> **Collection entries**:
:::::

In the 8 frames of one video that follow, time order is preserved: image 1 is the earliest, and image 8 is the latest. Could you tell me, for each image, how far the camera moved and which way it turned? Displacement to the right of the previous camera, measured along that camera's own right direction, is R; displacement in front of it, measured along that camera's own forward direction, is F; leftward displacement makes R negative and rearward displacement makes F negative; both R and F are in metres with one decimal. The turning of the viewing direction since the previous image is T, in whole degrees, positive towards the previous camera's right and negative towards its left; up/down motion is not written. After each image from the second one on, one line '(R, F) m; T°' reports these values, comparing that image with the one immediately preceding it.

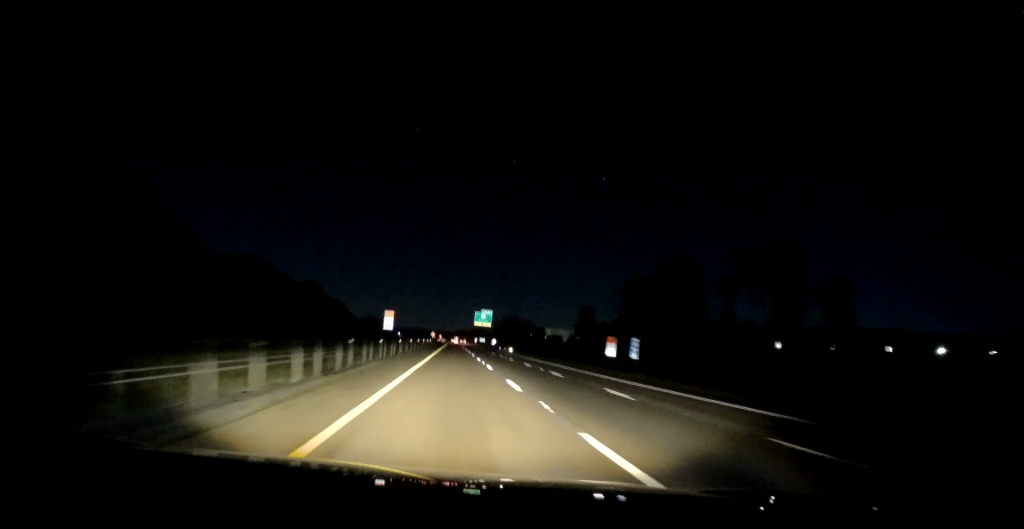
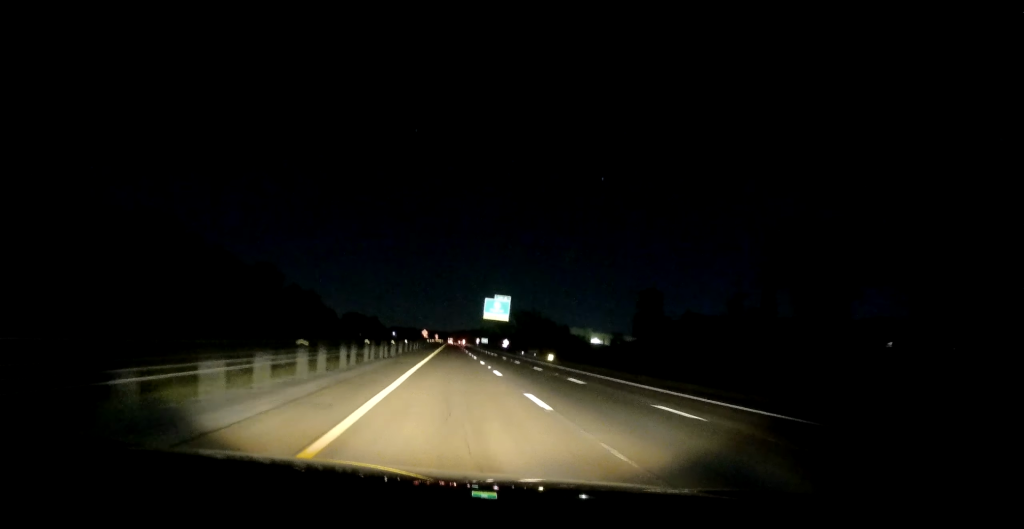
(-0.1, +53.8) m; 0°
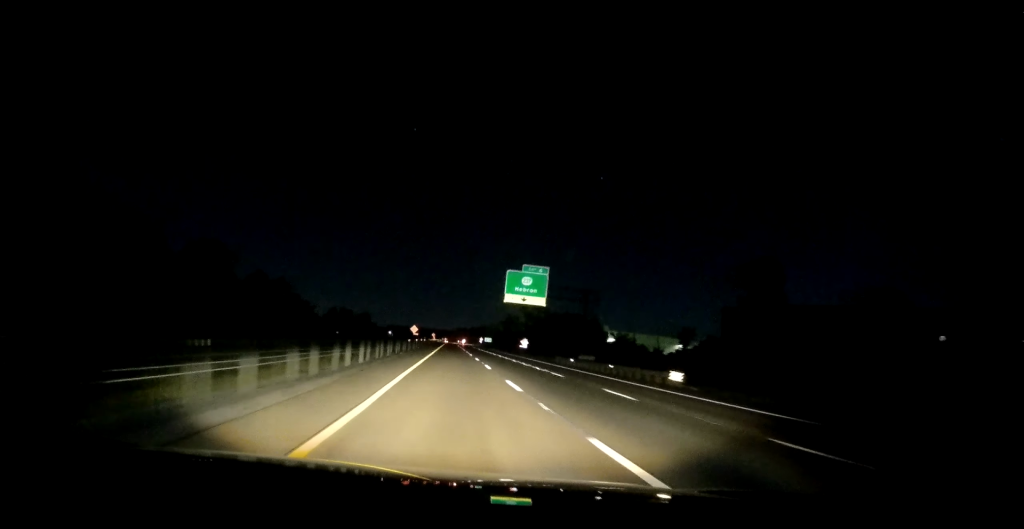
(+0.3, +43.3) m; 0°
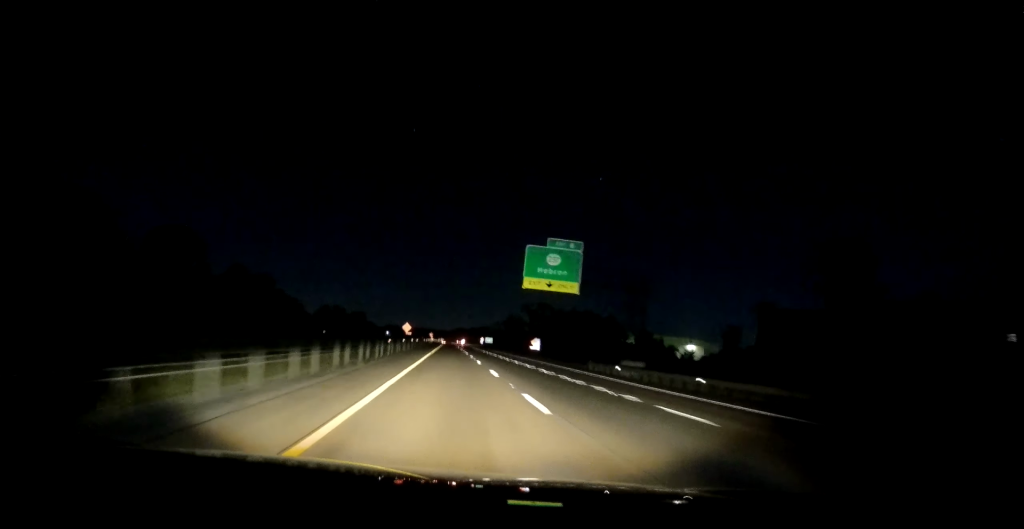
(-0.2, +17.5) m; 0°
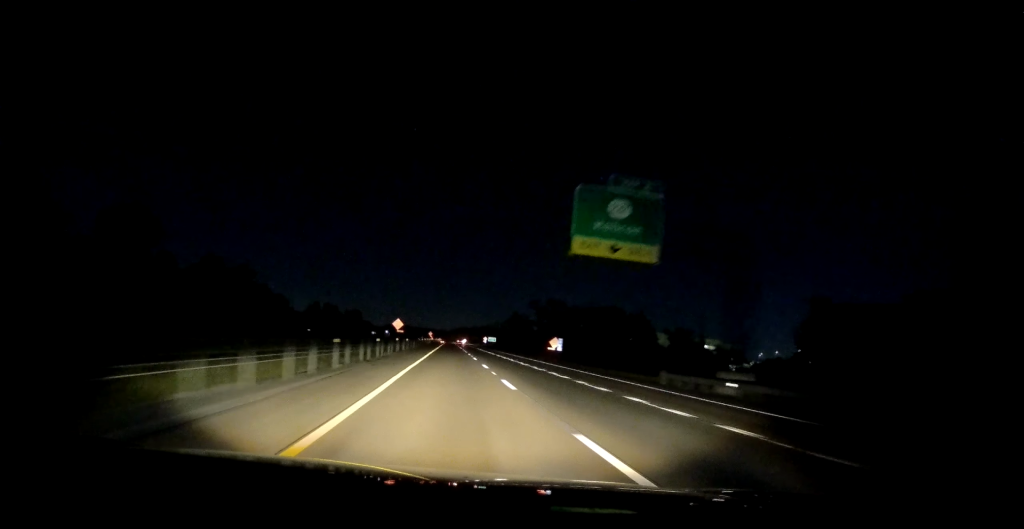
(+0.1, +18.7) m; 0°
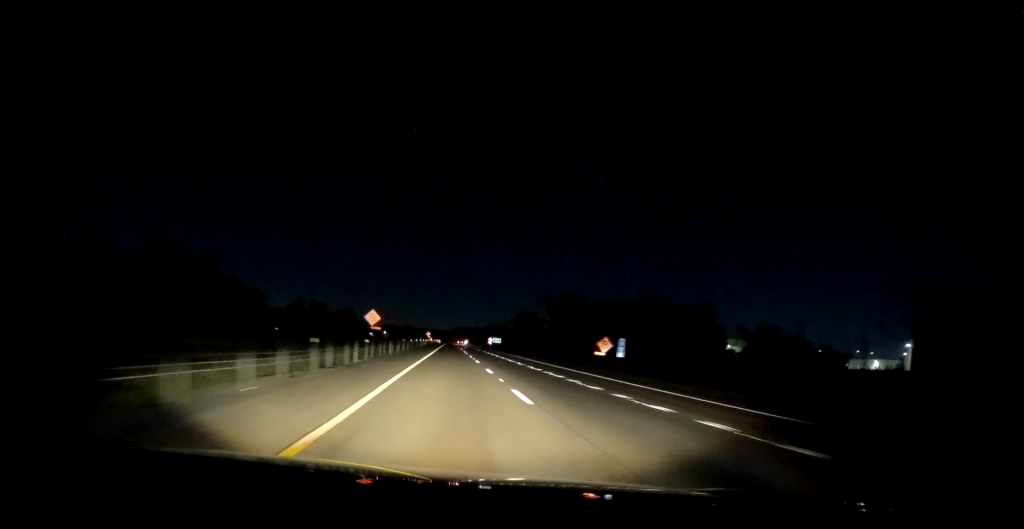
(+0.2, +28.1) m; 0°
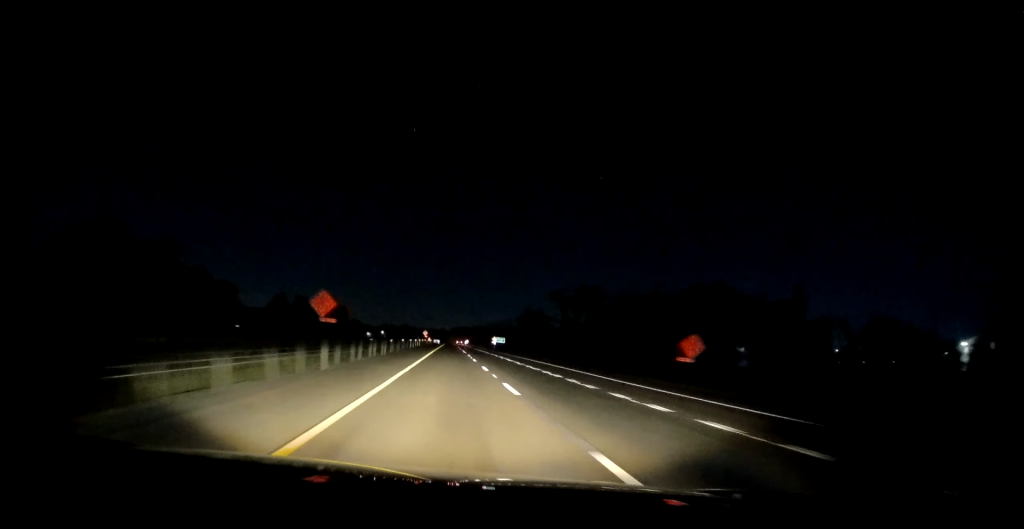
(-0.3, +22.2) m; 0°
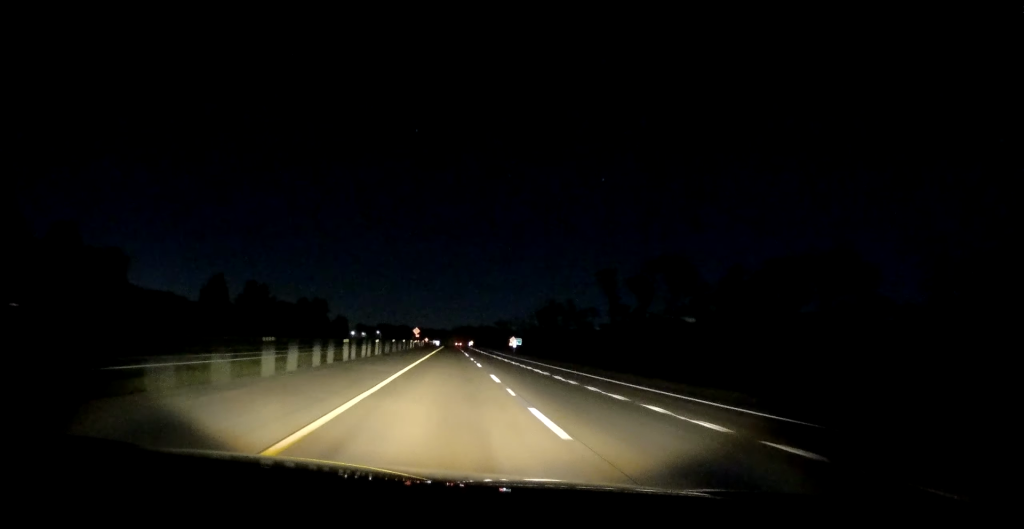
(+0.3, +55.6) m; 0°

:::::

> **Work to be completed**: Exact copy, no pictures: reproduce every entry shown above.

> **Response**:
In the 8 frames of one video that follow, time order is preserved: image 1 is the earliest, and image 8 is the latest. Could you tell me, for each image, how far the camera moved and which way it turned? Displacement to the right of the previous camera, measured along that camera's own right direction, is R; displacement in front of it, measured along that camera's own forward direction, is F; leftward displacement makes R negative and rearward displacement makes F negative; both R and F are in metres with one decimal. The turning of the viewing direction since the previous image is T, in whole degrees, positive towards the previous camera's right and negative towards its left; up/down motion is not written. After each image from the second one on, one line '(R, F) m; T°' reports these values, comparing that image with the one immediately preceding it.

(-0.1, +53.8) m; 0°
(+0.3, +43.3) m; 0°
(-0.2, +17.5) m; 0°
(+0.1, +18.7) m; 0°
(+0.2, +28.1) m; 0°
(-0.3, +22.2) m; 0°
(+0.3, +55.6) m; 0°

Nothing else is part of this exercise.